La guerre se termine. Roger Martin du Gard quitte Figeac
pour regagner Nice, peu désireux de revenir à Paris et de
regagner le Tertre ; il attend que les passions s'apaisent. Il
s'y décide enfin. Attentif aux mouvements de pensée et au
renouveau qui s'annonce, inquiet de voir l'état révolutionnaire
de la France, il résiste aux pressions, redoute les conflits qui se
préparent et refuse de «se jeter dans la mêlée».
Il prend vite conscience qu'il est désormais un homme du
passé. Il «reste d'un temps sceptique, et se défiant de toutes les
certitudes». Il refuse l'«esprit partisan» et rejette la «littérature
engagée» que prône désormais Sartre. Malgré les difficultés,
il veut garder sa liberté et rester fidèle à soi-même.
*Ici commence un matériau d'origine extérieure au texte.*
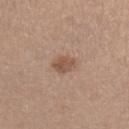The lesion was tiled from a total-body skin photograph and was not biopsied. This image is a 15 mm lesion crop taken from a total-body photograph. Located on the right upper arm. A female subject aged approximately 65.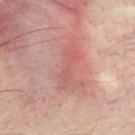Q: Is there a histopathology result?
A: catalogued during a skin exam; not biopsied
Q: How was the tile lit?
A: cross-polarized
Q: What kind of image is this?
A: ~15 mm crop, total-body skin-cancer survey
Q: What are the patient's age and sex?
A: male, approximately 35 years of age
Q: What is the anatomic site?
A: the chest
Q: What is the lesion's diameter?
A: ~5 mm (longest diameter)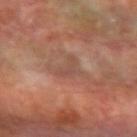Findings:
- follow-up — imaged on a skin check; not biopsied
- body site — the left forearm
- subject — male, aged approximately 70
- image — 15 mm crop, total-body photography

Lucide,
il est l'homme d'entre les deux guerres, «"spectateur passif",
mais spectateur». «Dépassé par l'Histoire, je me survis»,
reconnaît-il. «Entre un présent hostile et dénudé, et le passé qui
m'offrait son refuge, j'ai lâchement opté pour le passé, et
accepté d'être un "anachronisme".»
Il accepte ses limites. Sachant qu'il ne peut parler à la
génération nouvelle, il reprend son travail et réfléchit à l'oeuvre
posthume commencée durant la guerre. Il est soucieux
d'«achever harmonieusement sa courbe».
En novembre 1949, il perd brutalement sa femme. Une page
se tourne. Malgré le travail qui le délivre de sa souffrance, en
1950 il se sent peu à peu démoralisé ; aux ennuis de santé s'ajoutent
les nouvelles du monde : Roger Martin du Gard est persuadé
de l'imminence d'une conflagration. Le ton de ses lettres
se colore parfois de cette angoisse de l'avenir.